The second time is finally "thin profit and high sales", "site", "thinking", "su", "various", the third time I do not write data, but "confinement", "i", "DECODED", "re" As a result of "discrimination". The second time I'm trying to tell you something, but ...

==========
epoch: 0
accumulates loss: 1155921.383301
query:Silicon valley
site: 0.34277588129
Low profit and high sales: 0.338559865952
tool: 0.291590571404
various: 0.288147270679
Thinking: 0.280256956816
None

==========
epoch: 1
accumulates loss: 921329.687744
query:Silicon valley
Low profit and high sales: 0.344960749149
site: 0.34360229969
various: 0.292381823063
tool: 0.289981007576
Thinking: 0.287175774574
None

==========
epoch: 2
accumulates loss: 891724.701904
query:Silicon valley
Low profit and high sales: 0.349293321371
site: 0.343631505966
various: 0.295914918184
Thinking: 0.291843622923
tool: 0.288331329823
None

==========
epoch: 3
accumulates loss: 757185.654785
query:Silicon valley
Low profit and high sales: 0.352725356817
site: 0.344897687435
various: 0.297841370106
Thinking: 0.295309871435
tool: 0.286360681057
None

==========
epoch: 4
accumulates loss: 678935.693481
query:Silicon valley
Low profit and high sales: 0.355262964964
site: 0.347212970257
Thinking: 0.299321830273
various: 0.298689037561
Su: 0.285281300545
None

==========
epoch: 5
accumulates loss: 610247.023926
query:Silicon valley
Low profit and high sales: 0.35762360692
site: 0.348474025726
Thinking: 0.300522983074
various: 0.300092220306
Su: 0.289157003164
None

==========
epoch: 6
accumulates loss: 600056.776855
query:Silicon valley
Low profit and high sales: 0.360702127218
site: 0.350107192993
Thinking: 0.303010463715
various: 0.300860673189
Su: 0.292713105679
None

==========
epoch: 7
accumulates loss: 589747.635376
query:Silicon valley
Low profit and high sales: 0.364328920841
site: 0.351830333471
Thinking: 0.304481714964
various: 0.299699604511
Su: 0.295893192291
None

==========
epoch: 8
100000 words, 77.42 sec, 1291.68 words/sec
accumulates loss: 523010.348755
query:Silicon valley
Low profit and high sales: 0.367006063461
site: 0.353862285614
Thinking: 0.305754393339
Su: 0.299977868795
various: 0.298767507076
None

==========
epoch: 9
accumulates loss: 508688.538574
query:Silicon valley
Low profit and high sales: 0.370497822762
site: 0.355607360601
Thinking: 0.306706368923
Su: 0.303147226572
various: 0.297139495611
None

Conclusion and consideration

This time I tried to rotate the same data 3 times, but 2

1. The words that you first learned and thought were close are the words that are close from beginning to end.

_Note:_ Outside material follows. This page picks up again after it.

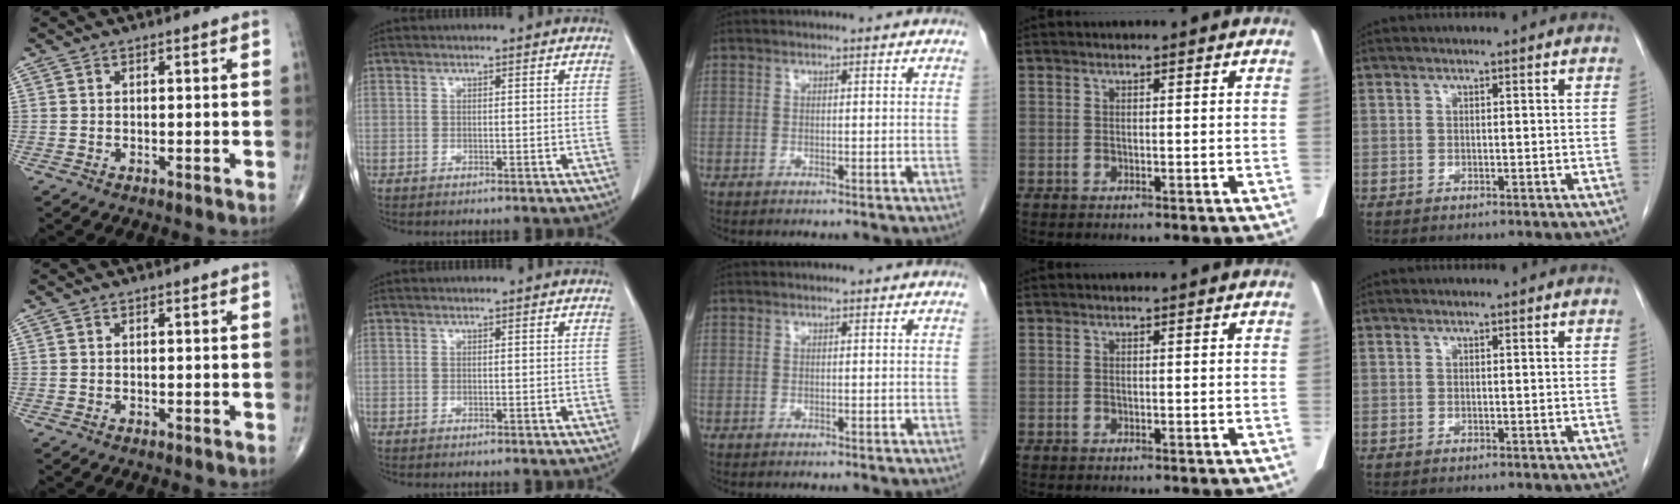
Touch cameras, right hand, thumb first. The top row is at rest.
{}

The data that hit from epoch0 remained the same from beginning to end. Speaking of human beings, what you have learned once will certainly give you a stereotype, so is it the same feeling?

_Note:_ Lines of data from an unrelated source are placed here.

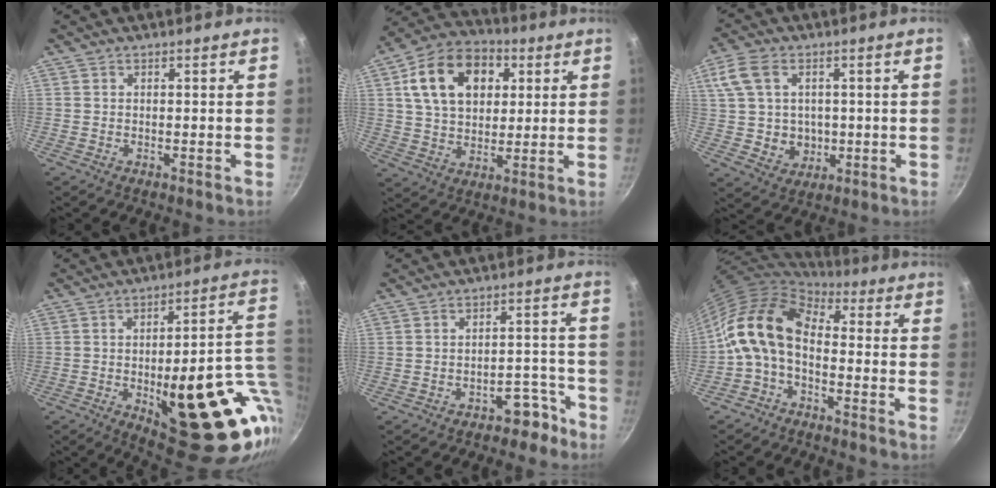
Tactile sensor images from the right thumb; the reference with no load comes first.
{"total": 17.5, "force": [5.2, 12.2, 11.4], "torque": [-0.168, 0.010, 0.078]}
{"total": 10.7, "force": [1.7, 8.5, 6.2], "torque": [-0.100, -0.003, 0.037]}
{"total": 27.1, "force": [-4.9, 10.2, 24.7], "torque": [-0.285, 0.000, -0.049]}
{"total": 5.4, "force": [-3.8, 2.9, 2.5], "torque": [0.000, 0.061, -0.034]}
{"total": 11.6, "force": [-1.1, 7.1, 9.0], "torque": [-0.153, 0.034, -0.038]}

2. Reach completely different conclusions three times

Although all the trained contents were the same data, the data that was finally output as close words were completely different. Speaking of human beings, even if they learn (acquire) the same thing, they have different ways of thinking.

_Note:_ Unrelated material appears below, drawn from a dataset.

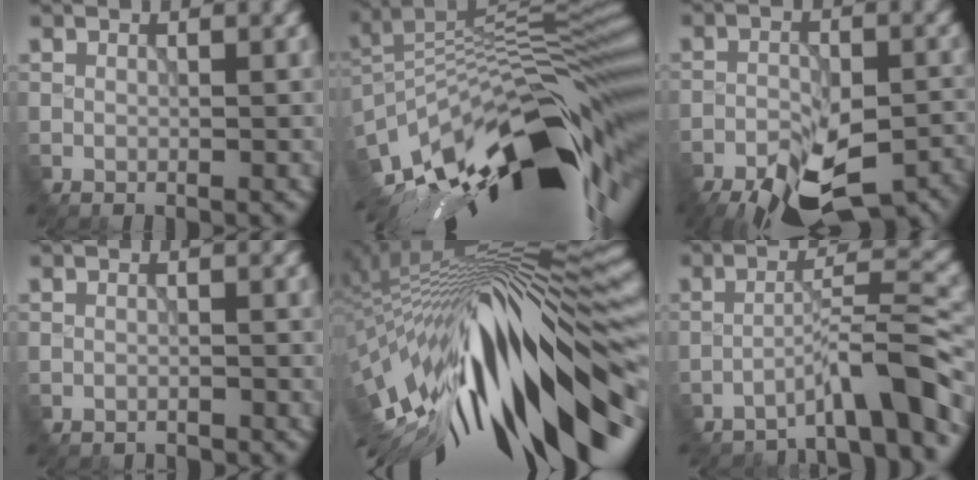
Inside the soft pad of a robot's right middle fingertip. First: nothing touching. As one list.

From the middle of the process, I found that the lost value is still too large, and that in word2vec, close words are likely to be placed at 0.2–0.4.

It's like deep learning that different results are obtained every time. As with human learning, there is no answer, so I would like you to study more with machines and become smarter.